Mice were deeply anesthetized with isoflurane/pentobarbital and transcardially perfused with Phosphate Buffer Saline (PBS) followed by fixative (paraformaldehyde dissolved in PBS, 4% wt/vol), brains were extracted and sectioned into 70 μm thick coronal sections. Sections were washed three times in PBS between each of the following steps. Cell membranes were permeabilised and non-specific protein binding was blocked by incubation for 1 hour in PBS-triton (0.3%) and normal donkey serum (NDS, 10%). Next sections were incubated for 48 hours at 4°C in a solution of primary antibodies against GFP (used to recognize ChR2-eYFP; 1/500; Aves Labs #GFP-1020, www.aveslabs.com; Nacalai Tesque #GF090R/04404-84, www.nacalai.com)[34] and TH (for the DAT-IRES-Cre brain sections; 1/500; EDM Millipore #AB152, www.millipore.com; Abcam #ab76442, www.abcam.com)[35,36] or PV (for the PV-IRES-Cre brain sections; 1/4000; EDM Millipore #MAB1572, www.millipore.com), washed and then further incubated in a solution with corresponding secondary antibodies (raised in donkey) conjugated with DyLight488 (1/500; Jackson #703-485-155) or Alexa488 (1/500; Jackson #703-545-155; Invitrogen #A21208) and Cy3 (1/500; Jackson #711-165-152 and #703-165-155; 1/1000, Jackson #715-165-150). Both antibody solutions were diluted in PBS-triton (0.3%) and NDS (1%). Finally, sections were counterstained with DAPI (diluted 1:10000) for 20 minutes and mounted on glass slides using VectaShield (Vector Laboratories).
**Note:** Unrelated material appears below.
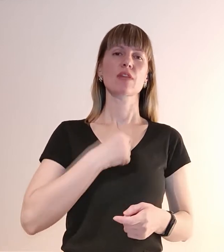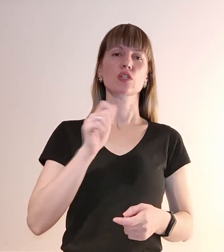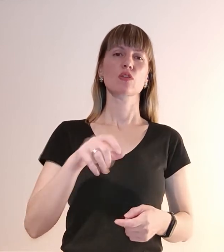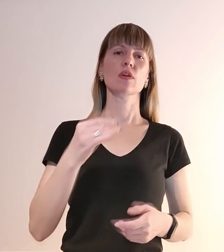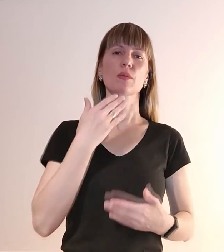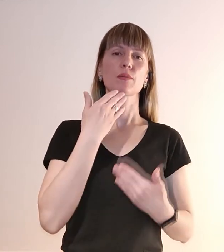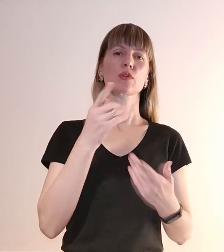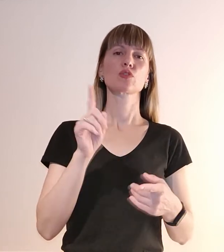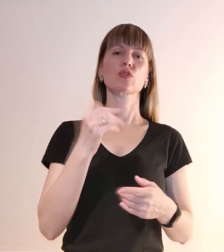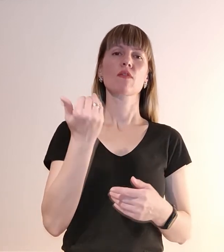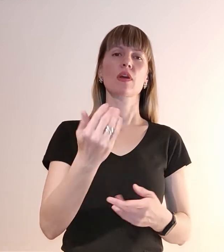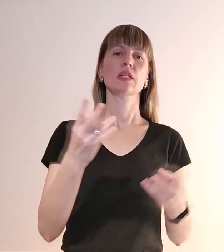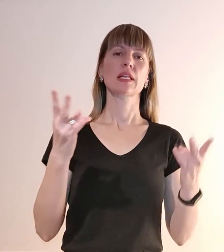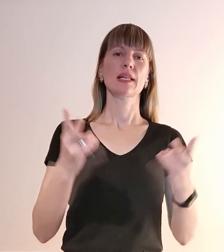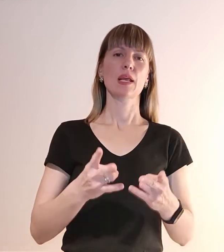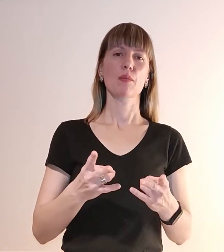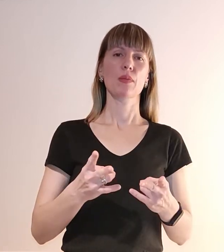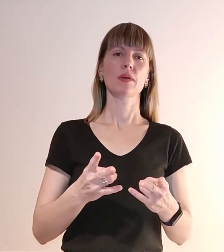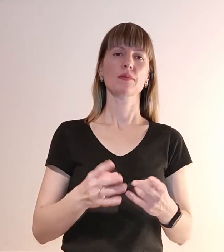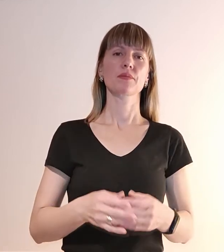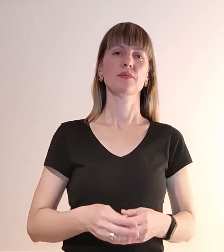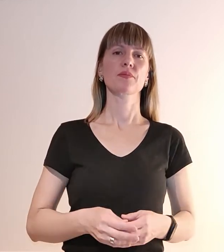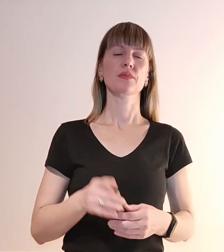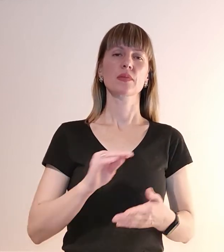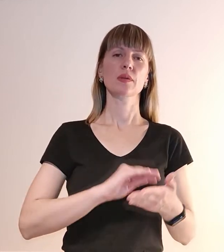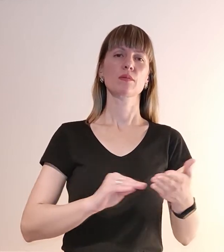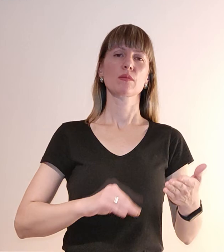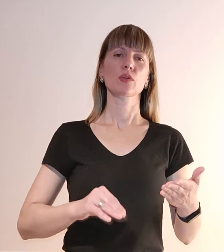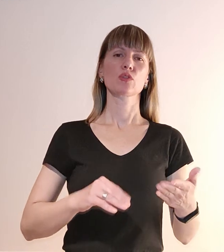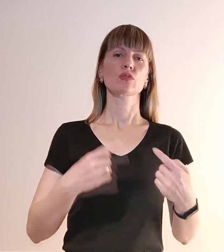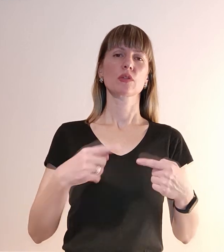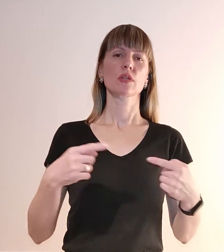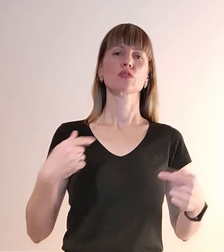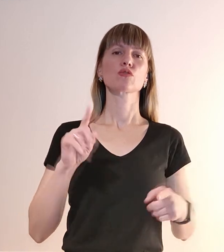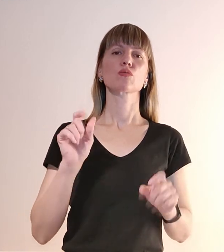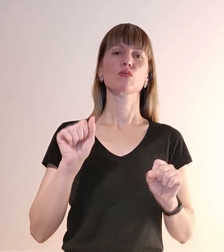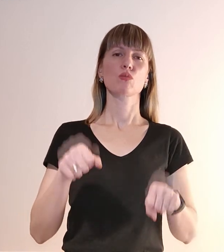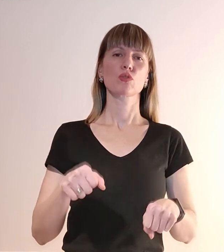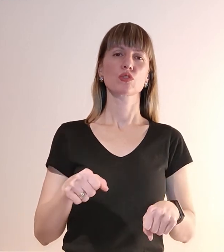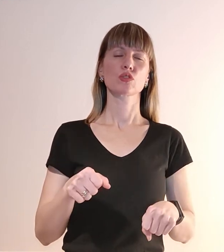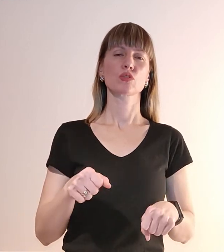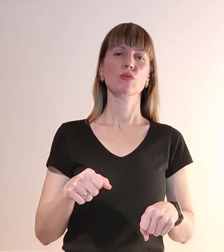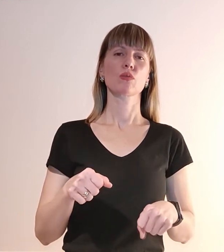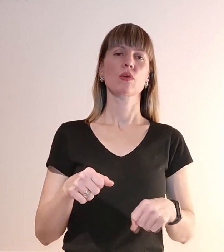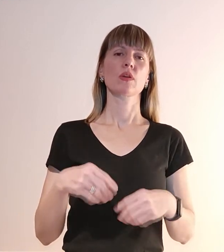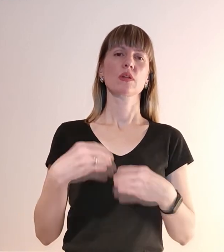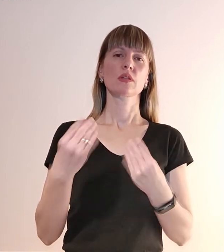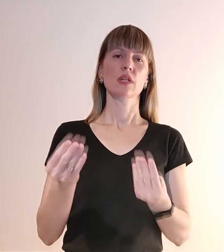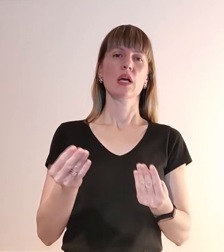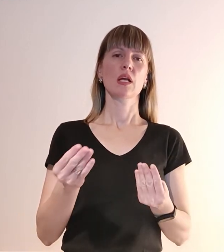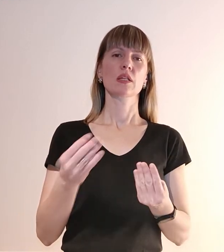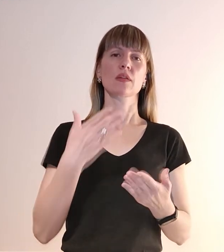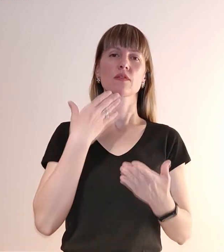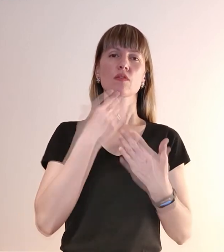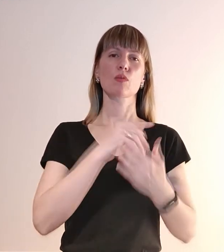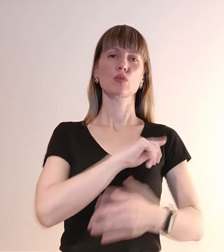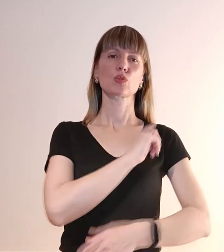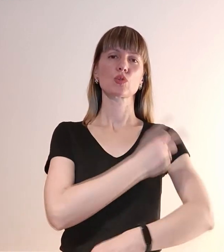питанням, що вам треба. Вони пишуть то, то, то. Те, що ми можемо закрити там власними зусиллями, зараз
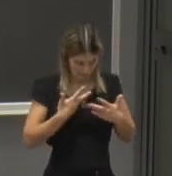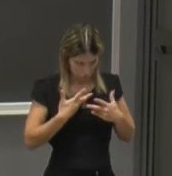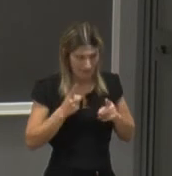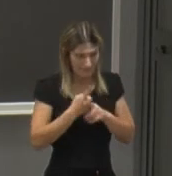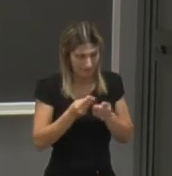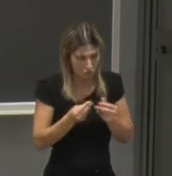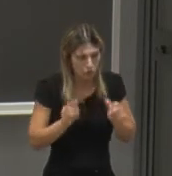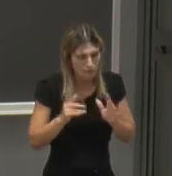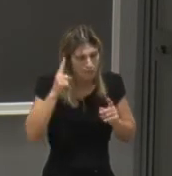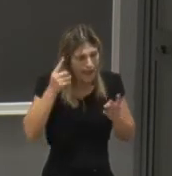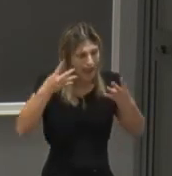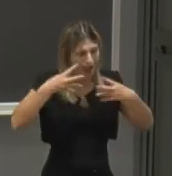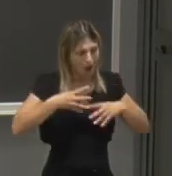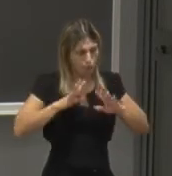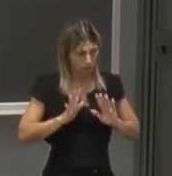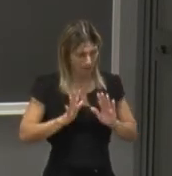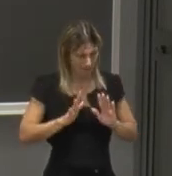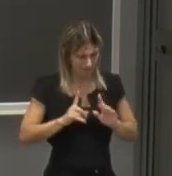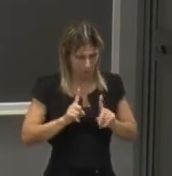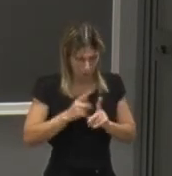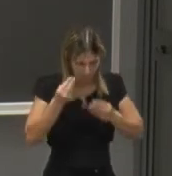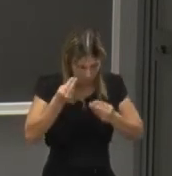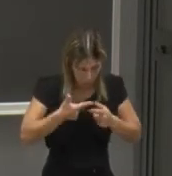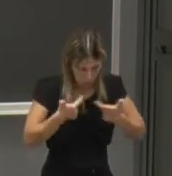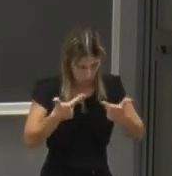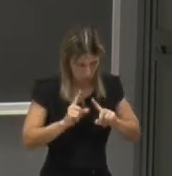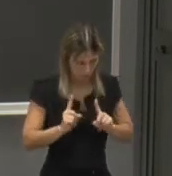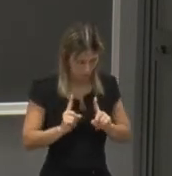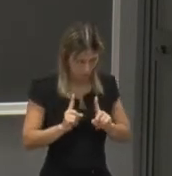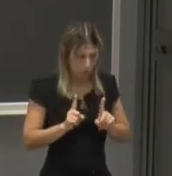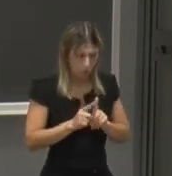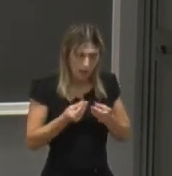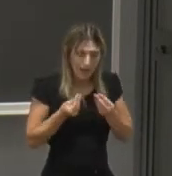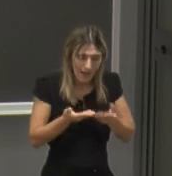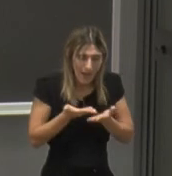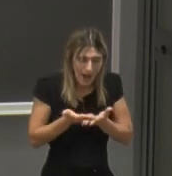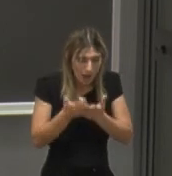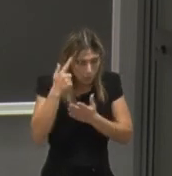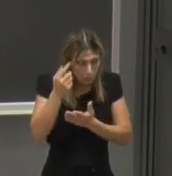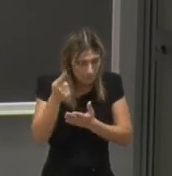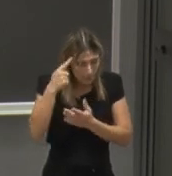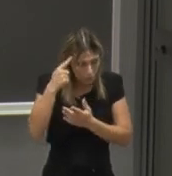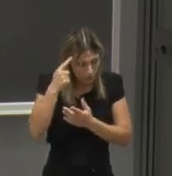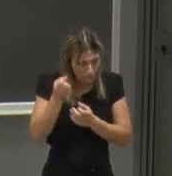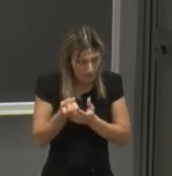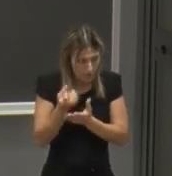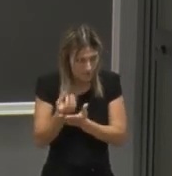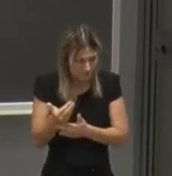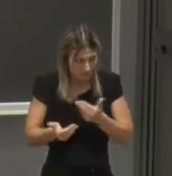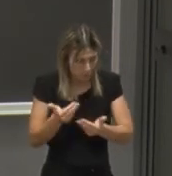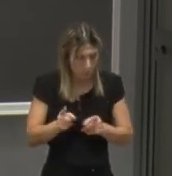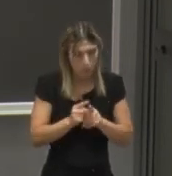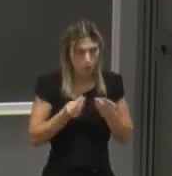automatico attraverso l'elaboratore quindi il percorso mira lo sviluppo del pensiero computazionale facciamo

Microscopic analyses and 3D reconstruction

The distribution of transfected axons across brain areas was consistent with the known distribution of dopaminergic fibers[37]. Specificity of virus transfection was quantified from both hemispheres of four bilaterally injected brains. Three consecutive sections centered on the injection coordinate (bregma −3.25) were selected[38]. An exhaustive tiled grid of 20 μm thick (0.8 μm step) z-stacks to span the VTA was acquired from the top of each section using an epifluorescence microscope (Imager.M2 with filter set 38 and a Plan-Neofluar 40×/1.3 objective, Zeiss). Only grid tiles which were deemed to be within the VTA regions (A10 cell groups)[39] were included in the counting. Greater than 900 cells were counted per brain. Three-dimensional reconstruction of transfected dCA1 axons was completed using the same microscope and Neurolucida software (MBF Bioscience). Published images were acquired using a confocal microscope (Imager.Z1 with LSM 710 scan head and Plan-Neofluar 5×/0.16, Plan-Apochromat 40×/1.3, 63×/1.4 or 100×/1.46 objective, Zeiss) in sequential scanning mode with the following excitation laser and emission filter wavelengths. DAPI: 405 nm, 409-499 nm; eYFP/DyLight488: 488 nm, 493-571 nm; Cy3: 543 nm, 566-729 nm. Acquisition and analysis were completed using ZEN 2008, v5.0 (Zeiss) and ImageJ (rsb.info.nih.gov) software. Z-stacks were flattened using maximum intensity projection.